**Work to be completed:** The listing below is to be given again in full and word for word, without its images.

___ Recorded information ___

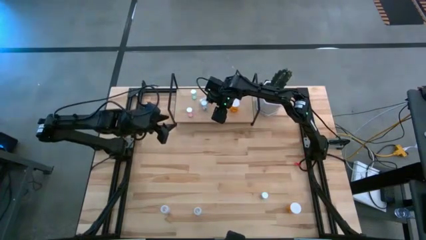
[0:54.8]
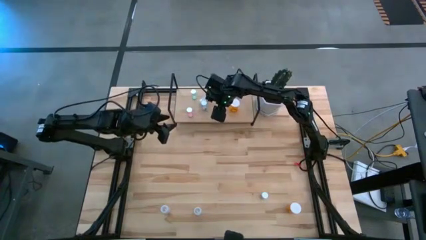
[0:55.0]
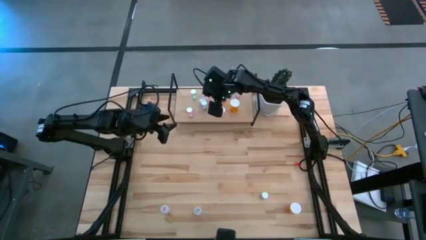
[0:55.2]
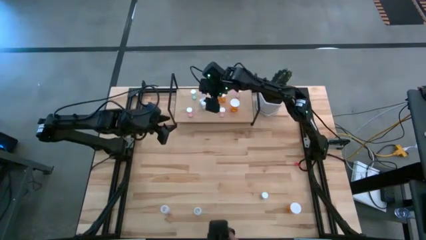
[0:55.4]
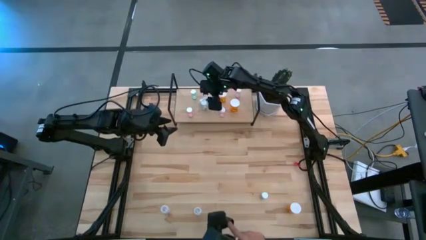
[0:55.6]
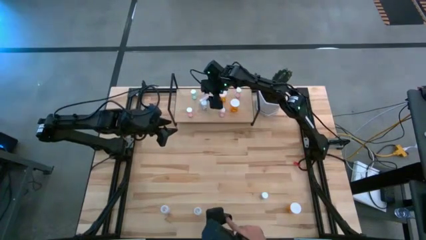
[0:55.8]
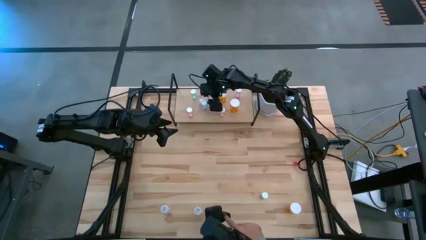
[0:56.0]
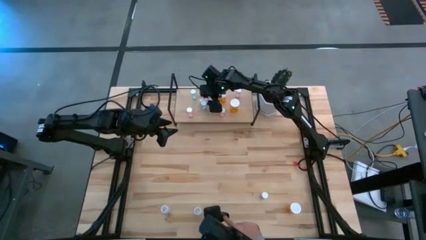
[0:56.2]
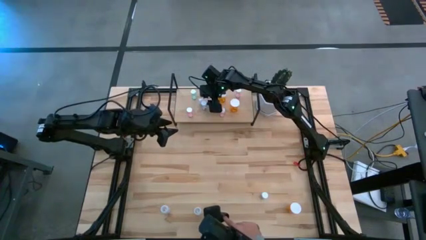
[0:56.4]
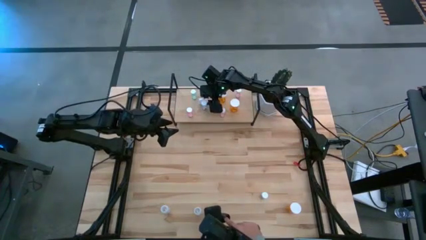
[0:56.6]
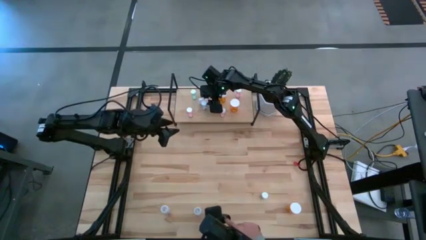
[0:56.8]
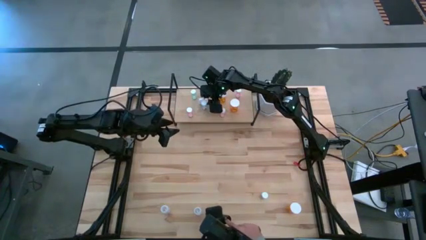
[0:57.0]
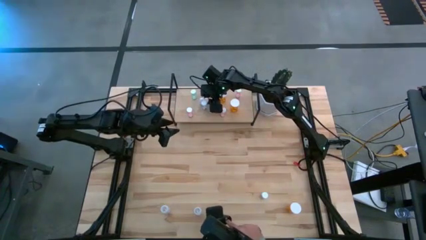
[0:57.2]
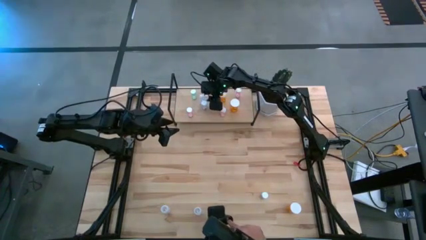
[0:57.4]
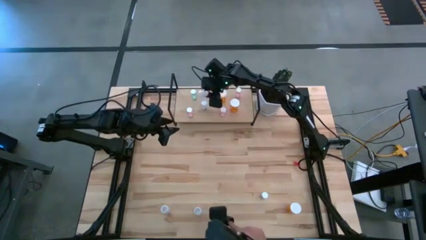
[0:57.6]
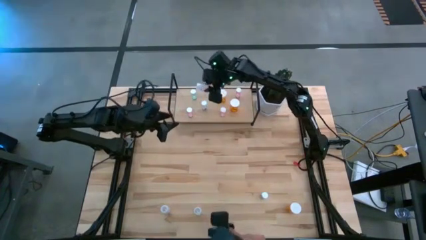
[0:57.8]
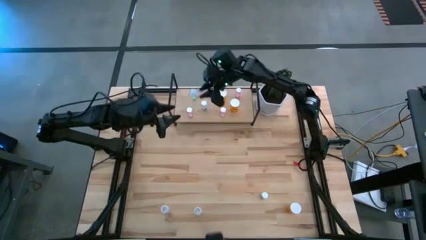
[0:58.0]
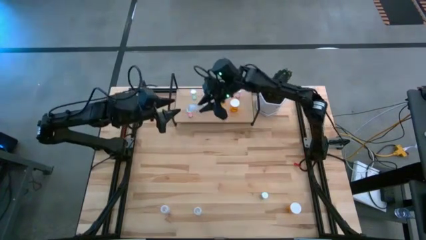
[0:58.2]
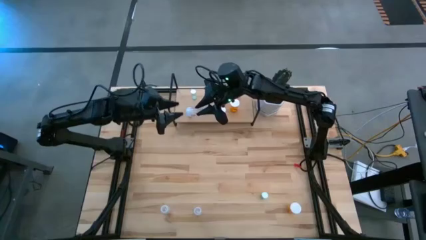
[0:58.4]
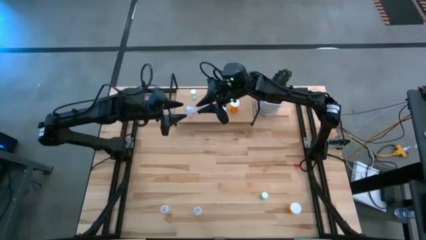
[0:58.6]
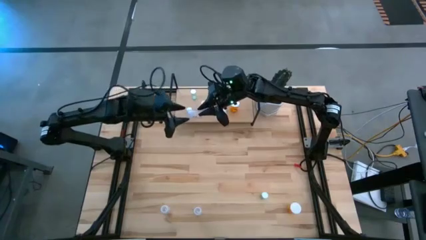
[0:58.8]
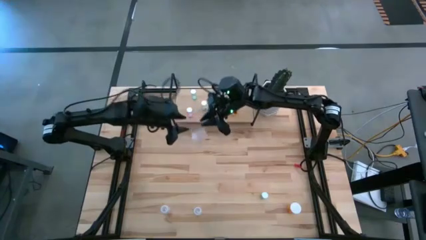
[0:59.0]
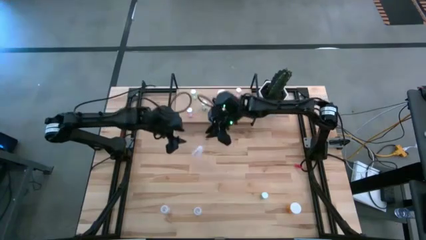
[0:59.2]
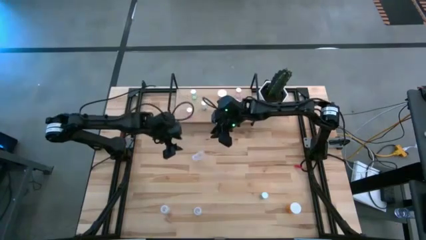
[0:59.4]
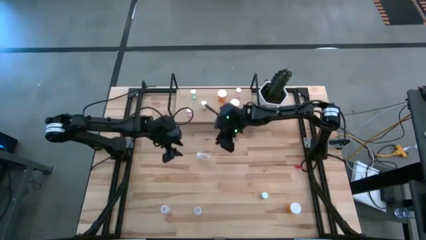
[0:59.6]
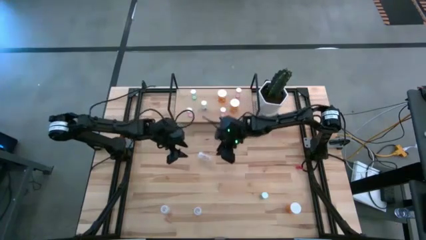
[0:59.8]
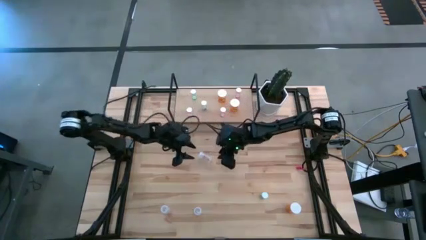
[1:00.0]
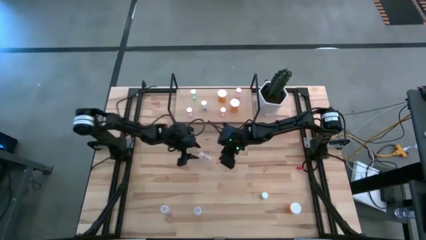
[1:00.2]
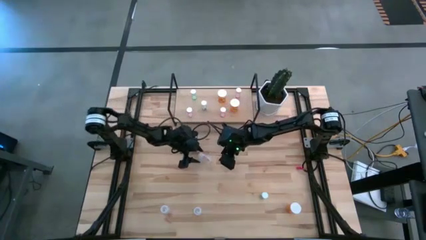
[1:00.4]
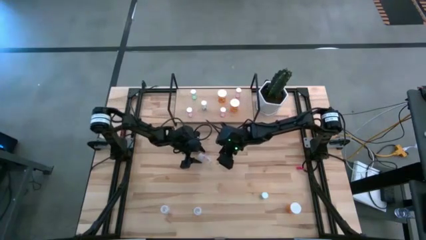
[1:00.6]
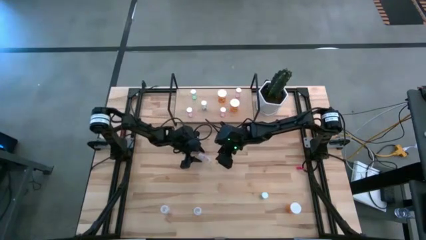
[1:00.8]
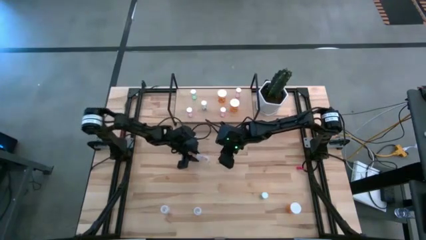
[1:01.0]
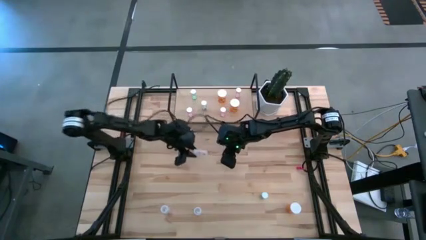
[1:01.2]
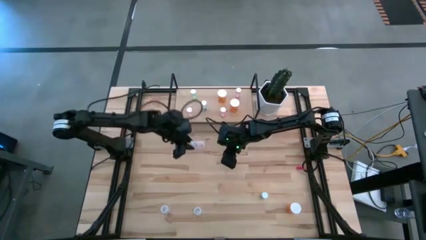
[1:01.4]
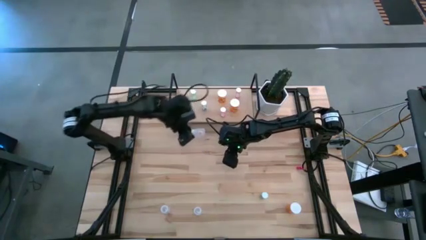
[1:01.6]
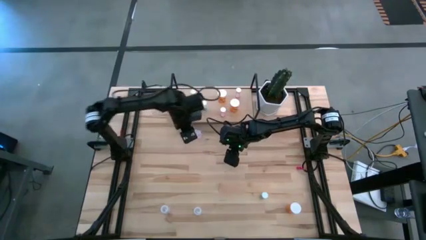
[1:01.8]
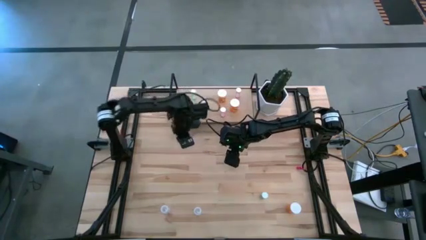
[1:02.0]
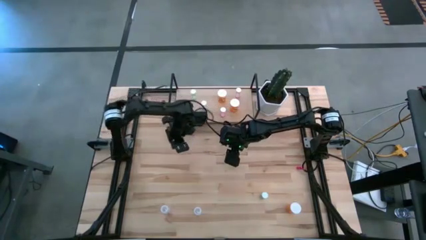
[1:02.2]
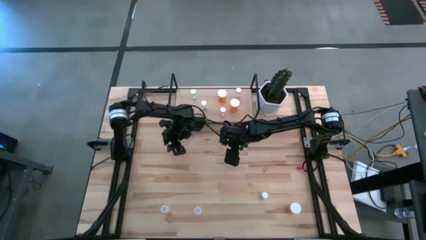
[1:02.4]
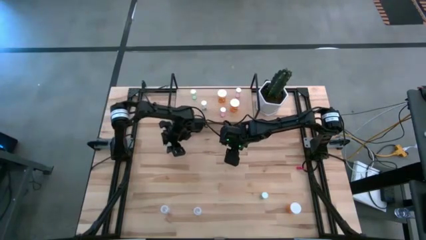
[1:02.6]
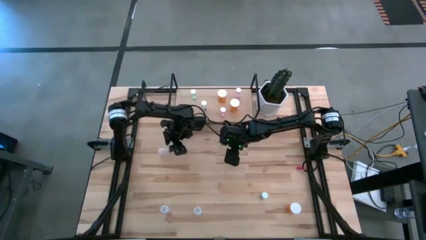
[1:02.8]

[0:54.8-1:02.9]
Task: Pick and place medicine bottles onto shelf by color
Adjust the transparent pill bottle on the shelf

___

**Output for this exercise:**
[0:54.8]
[0:55.0]
[0:55.2]
[0:55.4]
[0:55.6]
[0:55.8]
[0:56.0]
[0:56.2]
[0:56.4]
[0:56.6]
[0:56.8]
[0:57.0]
[0:57.2]
[0:57.4]
[0:57.6]
[0:57.8]
[0:58.0]
[0:58.2]
[0:58.4]
[0:58.6]
[0:58.8]
[0:59.0]
[0:59.2]
[0:59.4]
[0:59.6]
[0:59.8]
[1:00.0]
[1:00.2]
[1:00.4]
[1:00.6]
[1:00.8]
[1:01.0]
[1:01.2]
[1:01.4]
[1:01.6]
[1:01.8]
[1:02.0]
[1:02.2]
[1:02.4]
[1:02.6]
[1:02.8]

[0:54.8-1:02.9]
Task: Pick and place medicine bottles onto shelf by color
Adjust the transparent pill bottle on the shelf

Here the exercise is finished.